Records from a dataset:
----

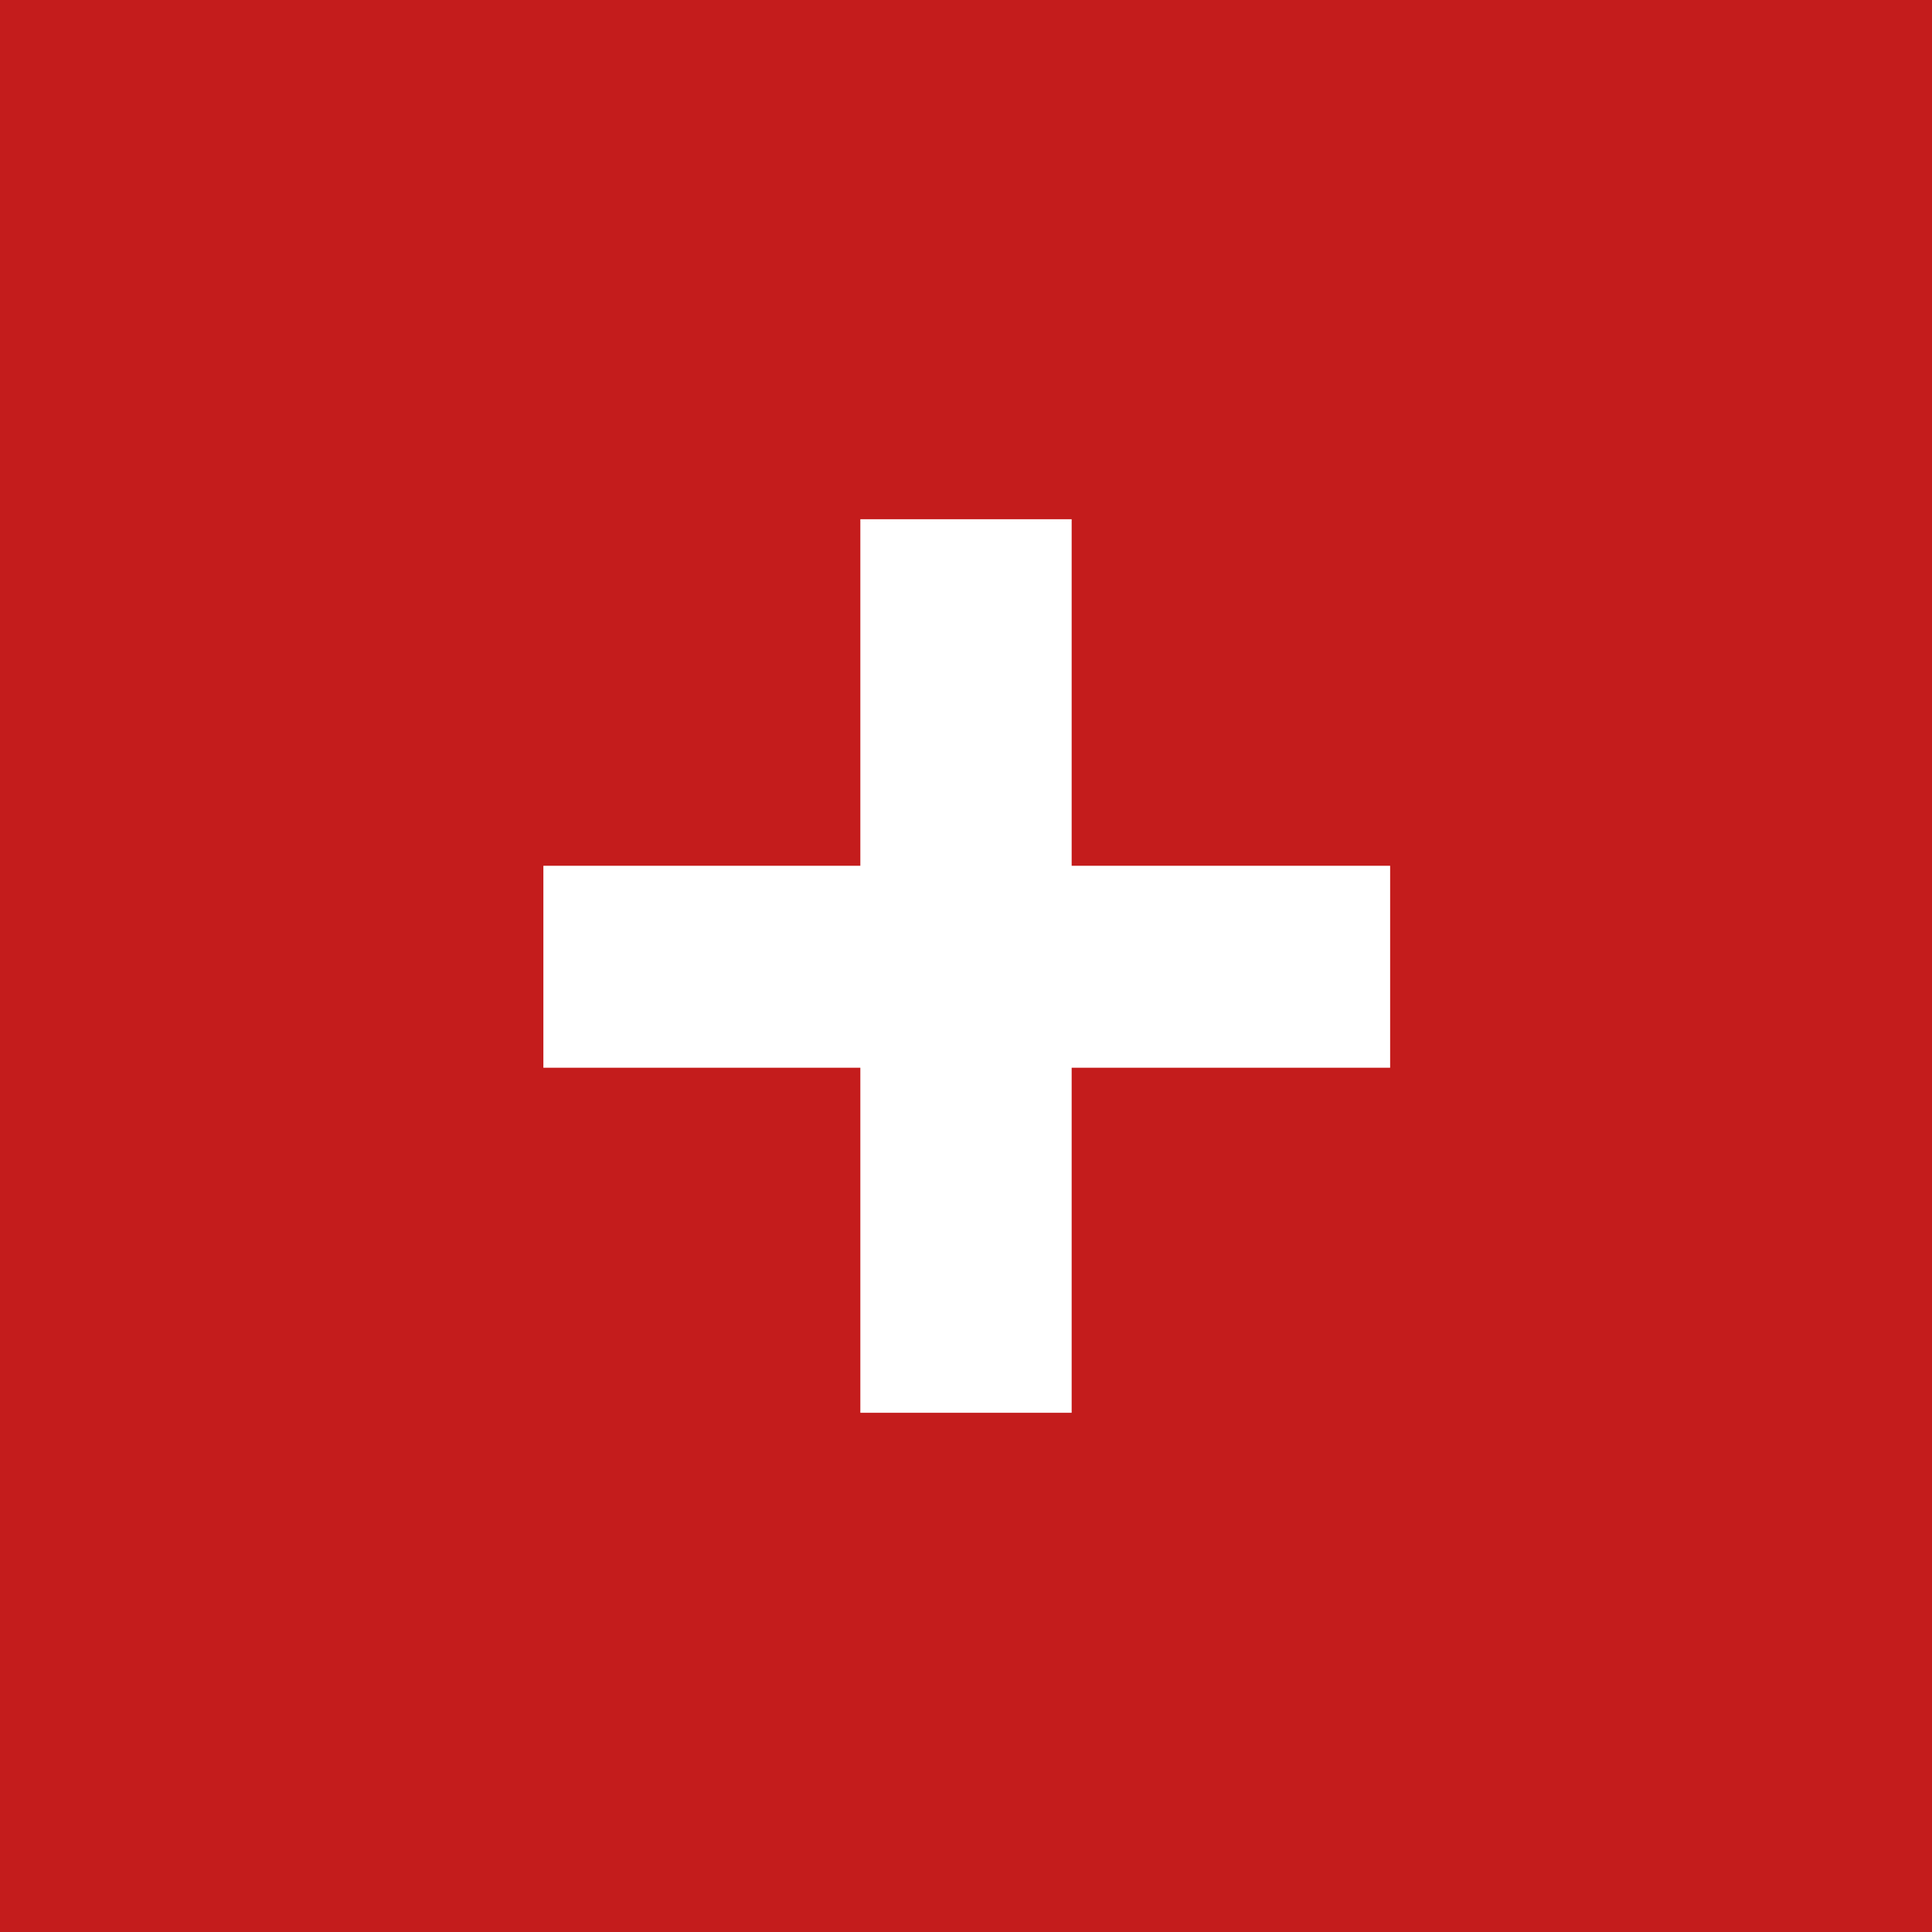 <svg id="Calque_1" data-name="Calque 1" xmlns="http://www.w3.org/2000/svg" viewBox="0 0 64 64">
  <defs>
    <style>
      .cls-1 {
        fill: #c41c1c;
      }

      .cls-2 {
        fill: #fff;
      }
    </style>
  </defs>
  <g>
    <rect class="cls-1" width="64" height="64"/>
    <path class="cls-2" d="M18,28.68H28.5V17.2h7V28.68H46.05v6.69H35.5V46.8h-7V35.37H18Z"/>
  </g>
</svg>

----

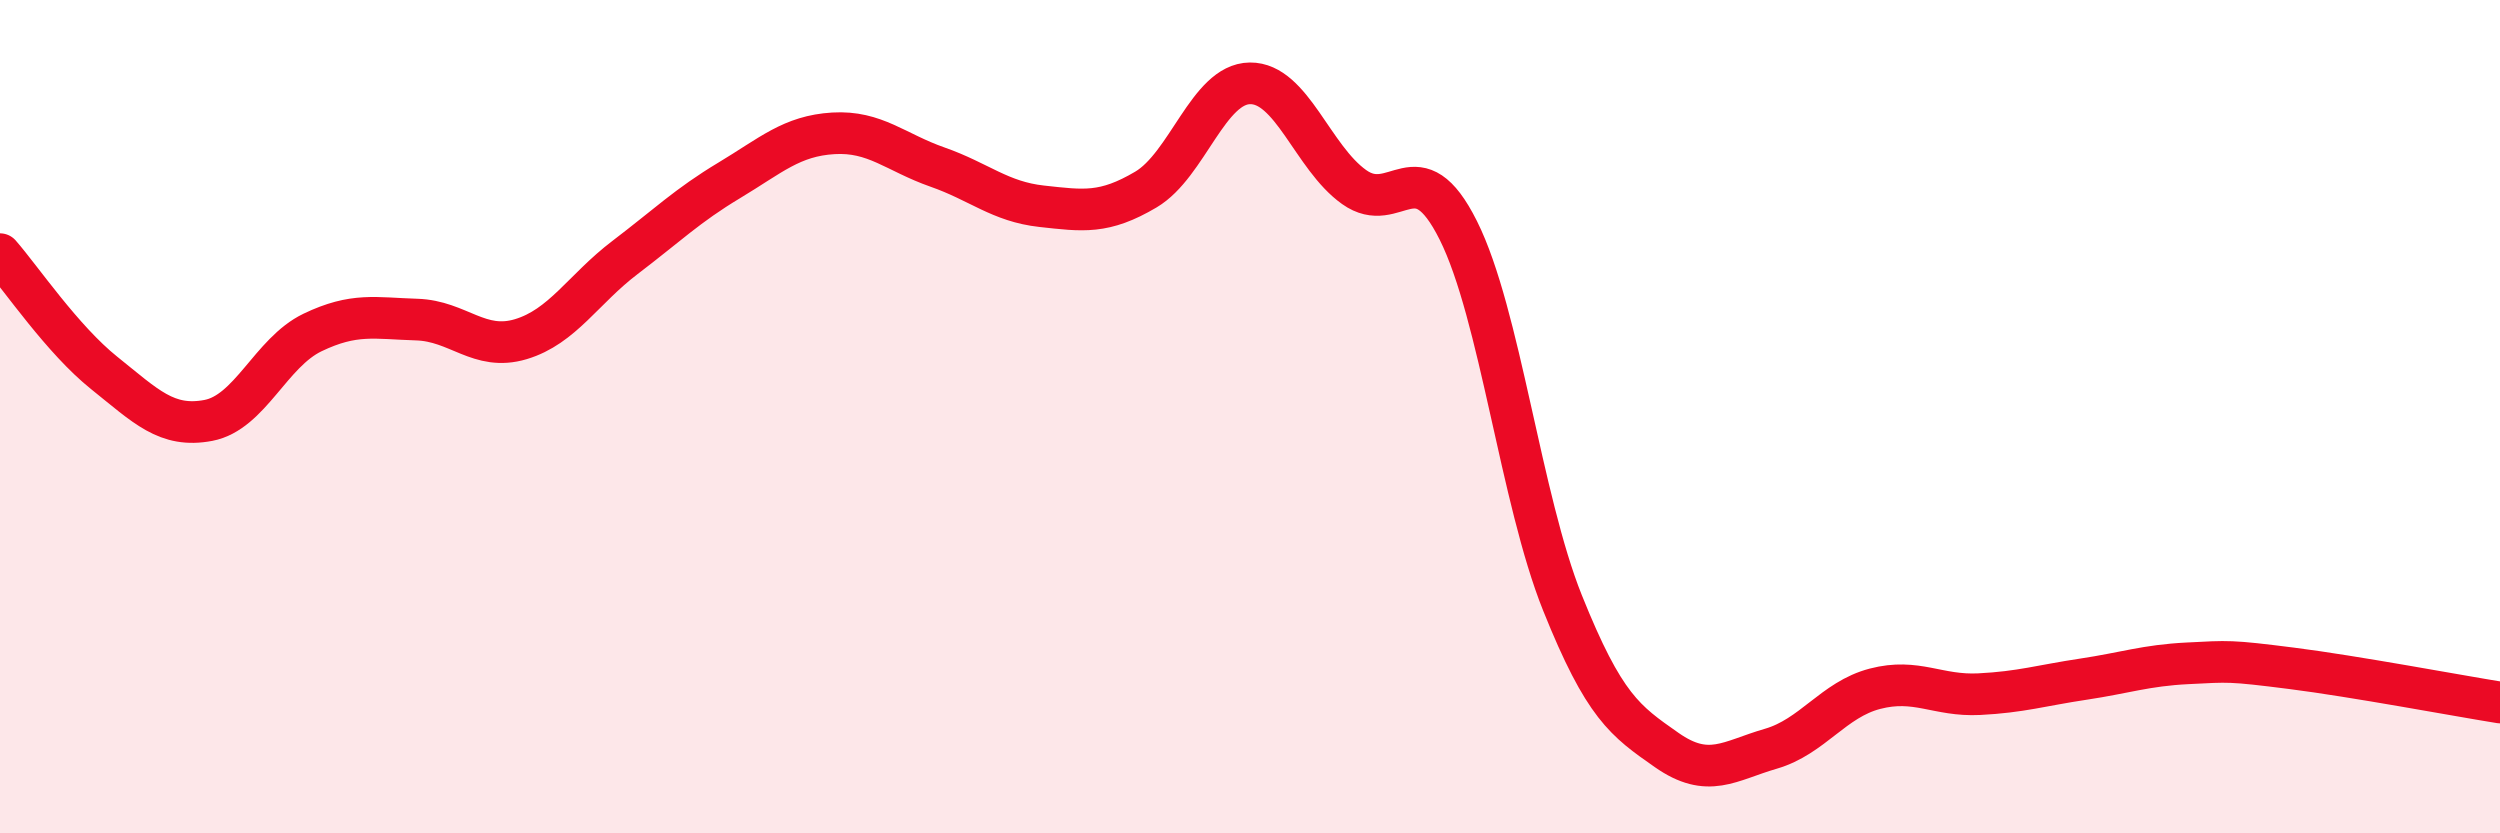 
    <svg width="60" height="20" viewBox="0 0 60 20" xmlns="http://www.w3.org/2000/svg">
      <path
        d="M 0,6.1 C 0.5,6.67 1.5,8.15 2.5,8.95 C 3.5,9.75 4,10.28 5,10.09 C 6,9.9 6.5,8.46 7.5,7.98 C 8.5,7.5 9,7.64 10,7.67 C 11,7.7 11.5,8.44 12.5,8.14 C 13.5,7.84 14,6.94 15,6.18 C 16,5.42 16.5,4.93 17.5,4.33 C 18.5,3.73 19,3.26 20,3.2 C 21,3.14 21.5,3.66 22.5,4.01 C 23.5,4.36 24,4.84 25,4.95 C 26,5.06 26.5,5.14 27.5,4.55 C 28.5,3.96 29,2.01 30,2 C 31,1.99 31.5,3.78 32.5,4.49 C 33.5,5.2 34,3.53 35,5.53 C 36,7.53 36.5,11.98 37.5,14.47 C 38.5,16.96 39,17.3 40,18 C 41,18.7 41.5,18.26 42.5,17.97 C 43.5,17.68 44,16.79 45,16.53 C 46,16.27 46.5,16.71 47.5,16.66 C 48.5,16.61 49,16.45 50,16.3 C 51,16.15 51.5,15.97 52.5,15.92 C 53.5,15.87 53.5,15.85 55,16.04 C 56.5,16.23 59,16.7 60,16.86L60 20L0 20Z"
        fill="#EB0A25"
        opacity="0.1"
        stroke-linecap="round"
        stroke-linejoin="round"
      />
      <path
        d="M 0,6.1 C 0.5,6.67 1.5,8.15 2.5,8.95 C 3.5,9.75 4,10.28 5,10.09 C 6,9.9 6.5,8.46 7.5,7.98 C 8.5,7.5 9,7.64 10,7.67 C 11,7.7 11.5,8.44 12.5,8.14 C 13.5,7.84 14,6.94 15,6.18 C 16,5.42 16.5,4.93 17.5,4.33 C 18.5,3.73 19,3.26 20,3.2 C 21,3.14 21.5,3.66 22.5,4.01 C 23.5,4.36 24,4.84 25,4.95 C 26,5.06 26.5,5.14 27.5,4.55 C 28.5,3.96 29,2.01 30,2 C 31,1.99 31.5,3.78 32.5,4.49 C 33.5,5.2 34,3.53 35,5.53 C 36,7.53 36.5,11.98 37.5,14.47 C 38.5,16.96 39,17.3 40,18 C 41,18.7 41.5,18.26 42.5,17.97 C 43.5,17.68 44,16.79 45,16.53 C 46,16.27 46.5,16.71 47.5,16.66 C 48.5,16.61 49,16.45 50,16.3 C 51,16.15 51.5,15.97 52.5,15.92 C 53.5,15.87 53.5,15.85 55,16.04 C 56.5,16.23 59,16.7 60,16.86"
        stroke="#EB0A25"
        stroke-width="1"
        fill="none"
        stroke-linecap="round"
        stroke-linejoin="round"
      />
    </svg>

----

Problem to work on: Your task is to copy each line of the entries that includes the word "fill".

Response box:
        fill: #c41c1c;
        fill: #fff;
        fill="#EB0A25"
        fill="none"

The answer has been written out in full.